Keep only the lines of the material below that contain the word "surface". Copy those lines.

- - -

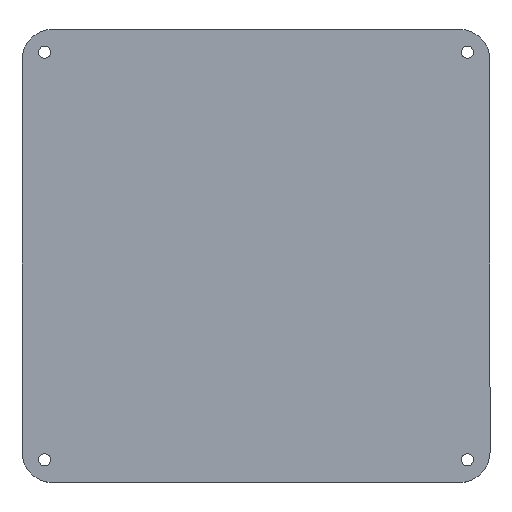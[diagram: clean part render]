
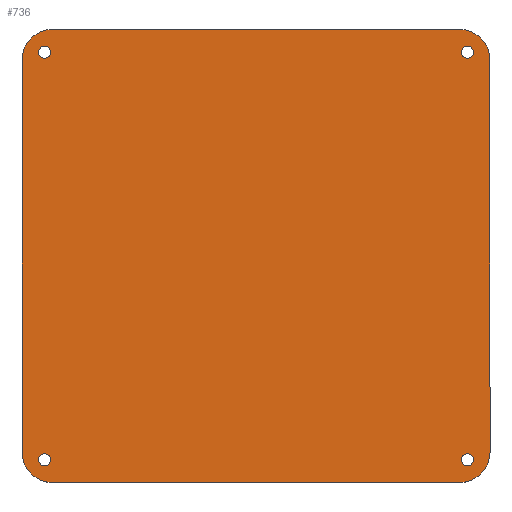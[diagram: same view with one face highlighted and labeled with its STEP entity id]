
A CAD part, top view. The second image highlights one B-rep face of the part: STEP entity #736.
In plain terms, the highlighted planar face has unit normal (0, 0, 1).
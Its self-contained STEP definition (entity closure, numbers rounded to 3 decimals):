
#13 = CIRCLE ( 'NONE', #524, 2. ) ;
#15 = CIRCLE ( 'NONE', #756, 2. ) ;
#18 = DIRECTION ( 'NONE',  ( 0., 0., -1. ) ) ;
#26 = DIRECTION ( 'NONE',  ( 0., 0., -1. ) ) ;
#27 = EDGE_CURVE ( 'NONE', #246, #226, #398, .T. ) ;
#31 = AXIS2_PLACEMENT_3D ( 'NONE', #1209, #18, #202 ) ;
#82 = AXIS2_PLACEMENT_3D ( 'NONE', #1213, #1002, #108 ) ;
#85 = DIRECTION ( 'NONE',  ( -1., 0., 0. ) ) ;
#94 = DIRECTION ( 'NONE',  ( 1., 0., 0. ) ) ;
#98 = EDGE_CURVE ( 'NONE', #938, #1013, #1034, .T. ) ;
#103 = CIRCLE ( 'NONE', #947, 10. ) ;
#106 = ORIENTED_EDGE ( 'NONE', *, *, #1153, .T. ) ;
#107 = CIRCLE ( 'NONE', #1123, 2. ) ;
#108 = DIRECTION ( 'NONE',  ( -1., 0., 0. ) ) ;
#118 = VERTEX_POINT ( 'NONE', #498 ) ;
#132 = CARTESIAN_POINT ( 'NONE',  ( -179.5, 67.5, 6.5 ) ) ;
#142 = EDGE_LOOP ( 'NONE', ( #768, #232 ) ) ;
#154 = VERTEX_POINT ( 'NONE', #219 ) ;
#161 = CARTESIAN_POINT ( 'NONE',  ( -325., -65., 6.5 ) ) ;
#164 = CARTESIAN_POINT ( 'NONE',  ( -170., 65., 6.5 ) ) ;
#165 = EDGE_CURVE ( 'NONE', #118, #743, #254, .T. ) ;
#178 = DIRECTION ( 'NONE',  ( 1., 0., 0. ) ) ;
#194 = AXIS2_PLACEMENT_3D ( 'NONE', #399, #588, #700 ) ;
#197 = DIRECTION ( 'NONE',  ( 0., 0., -1. ) ) ;
#202 = DIRECTION ( 'NONE',  ( -1., 0., 0. ) ) ;
#213 = VERTEX_POINT ( 'NONE', #1130 ) ;
#218 = CARTESIAN_POINT ( 'NONE',  ( -315., -75., 6.5 ) ) ;
#219 = CARTESIAN_POINT ( 'NONE',  ( -319.5, -67.5, 6.5 ) ) ;
#226 = VERTEX_POINT ( 'NONE', #837 ) ;
#232 = ORIENTED_EDGE ( 'NONE', *, *, #577, .T. ) ;
#238 = LINE ( 'NONE', #945, #862 ) ;
#246 = VERTEX_POINT ( 'NONE', #1051 ) ;
#254 = CIRCLE ( 'NONE', #31, 2. ) ;
#265 = FACE_OUTER_BOUND ( 'NONE', #993, .T. ) ;
#269 = CARTESIAN_POINT ( 'NONE',  ( -325., 65., 6.5 ) ) ;
#283 = VERTEX_POINT ( 'NONE', #1155 ) ;
#284 = CARTESIAN_POINT ( 'NONE',  ( -180., 65., 6.5 ) ) ;
#288 = DIRECTION ( 'NONE',  ( -1., 0., 0. ) ) ;
#289 = DIRECTION ( 'NONE',  ( 1., 0., 0. ) ) ;
#291 = DIRECTION ( 'NONE',  ( 0., 0., 1. ) ) ;
#312 = ORIENTED_EDGE ( 'NONE', *, *, #636, .T. ) ;
#313 = DIRECTION ( 'NONE',  ( 0., 0., -1. ) ) ;
#318 = AXIS2_PLACEMENT_3D ( 'NONE', #1298, #291, #178 ) ;
#357 = CARTESIAN_POINT ( 'NONE',  ( -317.5, -67.5, 6.5 ) ) ;
#359 = ORIENTED_EDGE ( 'NONE', *, *, #98, .T. ) ;
#362 = VERTEX_POINT ( 'NONE', #1277 ) ;
#369 = FACE_BOUND ( 'NONE', #980, .T. ) ;
#379 = CARTESIAN_POINT ( 'NONE',  ( -170., -65., 6.5 ) ) ;
#394 = ORIENTED_EDGE ( 'NONE', *, *, #528, .T. ) ;
#395 = EDGE_CURVE ( 'NONE', #739, #651, #103, .T. ) ;
#398 = LINE ( 'NONE', #998, #774 ) ;
#399 = CARTESIAN_POINT ( 'NONE',  ( -317.5, -67.5, 6.5 ) ) ;
#427 = CARTESIAN_POINT ( 'NONE',  ( -325., 65., 6.5 ) ) ;
#445 = DIRECTION ( 'NONE',  ( 0., 0., -1. ) ) ;
#463 = ORIENTED_EDGE ( 'NONE', *, *, #465, .T. ) ;
#465 = EDGE_CURVE ( 'NONE', #743, #118, #797, .T. ) ;
#484 = FACE_BOUND ( 'NONE', #552, .T. ) ;
#493 = DIRECTION ( 'NONE',  ( 1., 0., 0. ) ) ;
#498 = CARTESIAN_POINT ( 'NONE',  ( -319.5, 67.5, 6.5 ) ) ;
#507 = CIRCLE ( 'NONE', #593, 10. ) ;
#510 = DIRECTION ( 'NONE',  ( -1., 0., 0. ) ) ;
#524 = AXIS2_PLACEMENT_3D ( 'NONE', #740, #26, #851 ) ;
#528 = EDGE_CURVE ( 'NONE', #651, #283, #1124, .T. ) ;
#536 = DIRECTION ( 'NONE',  ( -1., 0., 0. ) ) ;
#552 = EDGE_LOOP ( 'NONE', ( #757, #709 ) ) ;
#558 = CARTESIAN_POINT ( 'NONE',  ( -175.5, -67.5, 6.5 ) ) ;
#577 = EDGE_CURVE ( 'NONE', #213, #894, #13, .T. ) ;
#586 = EDGE_CURVE ( 'NONE', #362, #154, #1139, .T. ) ;
#588 = DIRECTION ( 'NONE',  ( 0., 0., -1. ) ) ;
#589 = EDGE_LOOP ( 'NONE', ( #359, #841 ) ) ;
#593 = AXIS2_PLACEMENT_3D ( 'NONE', #1294, #794, #289 ) ;
#599 = CARTESIAN_POINT ( 'NONE',  ( -177.5, -67.5, 6.5 ) ) ;
#615 = DIRECTION ( 'NONE',  ( -1., 0., 0. ) ) ;
#627 = CARTESIAN_POINT ( 'NONE',  ( -315., -75., 6.5 ) ) ;
#633 = CIRCLE ( 'NONE', #820, 10. ) ;
#634 = ORIENTED_EDGE ( 'NONE', *, *, #165, .T. ) ;
#636 = EDGE_CURVE ( 'NONE', #1178, #1046, #238, .T. ) ;
#651 = VERTEX_POINT ( 'NONE', #627 ) ;
#677 = CARTESIAN_POINT ( 'NONE',  ( -315.5, 67.5, 6.5 ) ) ;
#693 = VERTEX_POINT ( 'NONE', #427 ) ;
#700 = DIRECTION ( 'NONE',  ( -1., 0., 0. ) ) ;
#709 = ORIENTED_EDGE ( 'NONE', *, *, #586, .T. ) ;
#736 = ADVANCED_FACE ( 'NONE', ( #1275, #484, #369, #766, #265 ), #1281, .T. ) ;
#739 = VERTEX_POINT ( 'NONE', #161 ) ;
#740 = CARTESIAN_POINT ( 'NONE',  ( -177.5, 67.5, 6.5 ) ) ;
#743 = VERTEX_POINT ( 'NONE', #677 ) ;
#756 = AXIS2_PLACEMENT_3D ( 'NONE', #814, #313, #615 ) ;
#757 = ORIENTED_EDGE ( 'NONE', *, *, #1210, .T. ) ;
#758 = CIRCLE ( 'NONE', #194, 2. ) ;
#766 = FACE_BOUND ( 'NONE', #142, .T. ) ;
#768 = ORIENTED_EDGE ( 'NONE', *, *, #849, .T. ) ;
#774 = VECTOR ( 'NONE', #288, 1000. ) ;
#794 = DIRECTION ( 'NONE',  ( 0., 0., 1. ) ) ;
#797 = CIRCLE ( 'NONE', #82, 2. ) ;
#814 = CARTESIAN_POINT ( 'NONE',  ( -177.5, 67.5, 6.5 ) ) ;
#818 = VECTOR ( 'NONE', #94, 1000. ) ;
#820 = AXIS2_PLACEMENT_3D ( 'NONE', #1072, #1252, #1167 ) ;
#825 = DIRECTION ( 'NONE',  ( 0., 1., 0. ) ) ;
#837 = CARTESIAN_POINT ( 'NONE',  ( -315., 75., 6.5 ) ) ;
#841 = ORIENTED_EDGE ( 'NONE', *, *, #1216, .T. ) ;
#849 = EDGE_CURVE ( 'NONE', #894, #213, #15, .T. ) ;
#851 = DIRECTION ( 'NONE',  ( -1., 0., 0. ) ) ;
#855 = DIRECTION ( 'NONE',  ( 0., -1., 0. ) ) ;
#862 = VECTOR ( 'NONE', #825, 1000. ) ;
#894 = VERTEX_POINT ( 'NONE', #132 ) ;
#908 = CARTESIAN_POINT ( 'NONE',  ( -177.5, -67.5, 6.5 ) ) ;
#911 = ORIENTED_EDGE ( 'NONE', *, *, #27, .T. ) ;
#916 = ORIENTED_EDGE ( 'NONE', *, *, #395, .T. ) ;
#938 = VERTEX_POINT ( 'NONE', #1235 ) ;
#945 = CARTESIAN_POINT ( 'NONE',  ( -170., -65., 6.5 ) ) ;
#947 = AXIS2_PLACEMENT_3D ( 'NONE', #1282, #1091, #493 ) ;
#972 = LINE ( 'NONE', #269, #1037 ) ;
#980 = EDGE_LOOP ( 'NONE', ( #634, #463 ) ) ;
#993 = EDGE_LOOP ( 'NONE', ( #916, #394, #1088, #312, #106, #911, #1206, #1283 ) ) ;
#998 = CARTESIAN_POINT ( 'NONE',  ( -180., 75., 6.5 ) ) ;
#1002 = DIRECTION ( 'NONE',  ( 0., 0., -1. ) ) ;
#1013 = VERTEX_POINT ( 'NONE', #558 ) ;
#1016 = EDGE_CURVE ( 'NONE', #693, #739, #972, .T. ) ;
#1034 = CIRCLE ( 'NONE', #1289, 2. ) ;
#1037 = VECTOR ( 'NONE', #855, 1000. ) ;
#1042 = EDGE_CURVE ( 'NONE', #283, #1178, #633, .T. ) ;
#1046 = VERTEX_POINT ( 'NONE', #164 ) ;
#1051 = CARTESIAN_POINT ( 'NONE',  ( -180., 75., 6.5 ) ) ;
#1072 = CARTESIAN_POINT ( 'NONE',  ( -180., -65., 6.5 ) ) ;
#1088 = ORIENTED_EDGE ( 'NONE', *, *, #1042, .T. ) ;
#1091 = DIRECTION ( 'NONE',  ( 0., 0., 1. ) ) ;
#1093 = DIRECTION ( 'NONE',  ( 1., 0., 0. ) ) ;
#1123 = AXIS2_PLACEMENT_3D ( 'NONE', #599, #1312, #85 ) ;
#1124 = LINE ( 'NONE', #218, #818 ) ;
#1130 = CARTESIAN_POINT ( 'NONE',  ( -175.5, 67.5, 6.5 ) ) ;
#1139 = CIRCLE ( 'NONE', #1184, 2. ) ;
#1143 = AXIS2_PLACEMENT_3D ( 'NONE', #284, #1192, #1093 ) ;
#1153 = EDGE_CURVE ( 'NONE', #1046, #246, #1225, .T. ) ;
#1155 = CARTESIAN_POINT ( 'NONE',  ( -180., -75., 6.5 ) ) ;
#1167 = DIRECTION ( 'NONE',  ( 1., 0., 0. ) ) ;
#1177 = EDGE_CURVE ( 'NONE', #226, #693, #507, .T. ) ;
#1178 = VERTEX_POINT ( 'NONE', #379 ) ;
#1184 = AXIS2_PLACEMENT_3D ( 'NONE', #357, #445, #536 ) ;
#1192 = DIRECTION ( 'NONE',  ( 0., 0., 1. ) ) ;
#1206 = ORIENTED_EDGE ( 'NONE', *, *, #1177, .T. ) ;
#1209 = CARTESIAN_POINT ( 'NONE',  ( -317.5, 67.5, 6.5 ) ) ;
#1210 = EDGE_CURVE ( 'NONE', #154, #362, #758, .T. ) ;
#1213 = CARTESIAN_POINT ( 'NONE',  ( -317.5, 67.5, 6.5 ) ) ;
#1216 = EDGE_CURVE ( 'NONE', #1013, #938, #107, .T. ) ;
#1225 = CIRCLE ( 'NONE', #1143, 10. ) ;
#1235 = CARTESIAN_POINT ( 'NONE',  ( -179.5, -67.5, 6.5 ) ) ;
#1252 = DIRECTION ( 'NONE',  ( 0., 0., 1. ) ) ;
#1275 = FACE_BOUND ( 'NONE', #589, .T. ) ;
#1277 = CARTESIAN_POINT ( 'NONE',  ( -315.5, -67.5, 6.5 ) ) ;
#1281 = PLANE ( 'NONE',  #318 ) ;
#1282 = CARTESIAN_POINT ( 'NONE',  ( -315., -65., 6.5 ) ) ;
#1283 = ORIENTED_EDGE ( 'NONE', *, *, #1016, .T. ) ;
#1289 = AXIS2_PLACEMENT_3D ( 'NONE', #908, #197, #510 ) ;
#1294 = CARTESIAN_POINT ( 'NONE',  ( -315., 65., 6.5 ) ) ;
#1298 = CARTESIAN_POINT ( 'NONE',  ( -315., -65., 6.5 ) ) ;
#1312 = DIRECTION ( 'NONE',  ( 0., 0., -1. ) ) ;
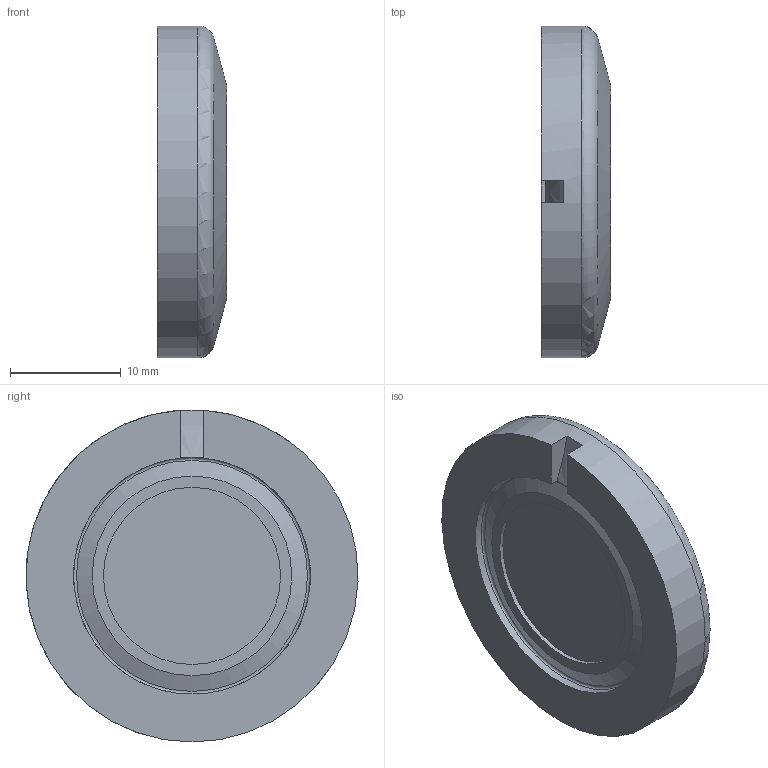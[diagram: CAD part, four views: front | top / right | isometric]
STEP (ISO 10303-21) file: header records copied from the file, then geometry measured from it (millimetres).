
FILE_DESCRIPTION(/* description */ (''),/* implementation_level */ '2;1');
FILE_NAME(/* name */ '32.016005.640.316',/* time_stamp */ '2019-03-21T11:28:46+01:00',/* author */ ('Murat Coskun Bicak'),/* organization */ ('Evac AG'),/* preprocessor_version */ 'ST-DEVELOPER v16.7',/* originating_system */ 'DEX',/* authorisation */ $);
FILE_SCHEMA (('AUTOMOTIVE_DESIGN {1 0 10303 214 3 1 1}'));
Length unit declared in the file: millimetre
Products named in the file (1): 32.016005.640.316
Bounding box: 6.25 x 29.98 x 29.98 mm (x, y, z)
Volume: 3802 mm3; surface area: 1938.2 mm2
Topology: 1 solids, 1 shells, 14 faces, 32 edges, 21 vertices
Faces by surface type: plane 6, cylinder 4, cone 2, torus 2
Full cylindrical faces by diameter (mm): 16 x1, 21.4 x1, 30 x1
Entity records: 352 total; most frequent: DIRECTION 60, CARTESIAN_POINT 57, ORIENTED_EDGE 40, AXIS2_PLACEMENT_3D 27, EDGE_LOOP 22, FACE_BOUND 22, EDGE_CURVE 20, VERTEX_POINT 16

- - -

#### THE COMPLETED TASK:
Volume: 3802 mm3; surface area: 1938.2 mm2
Faces by surface type: plane 6, cylinder 4, cone 2, torus 2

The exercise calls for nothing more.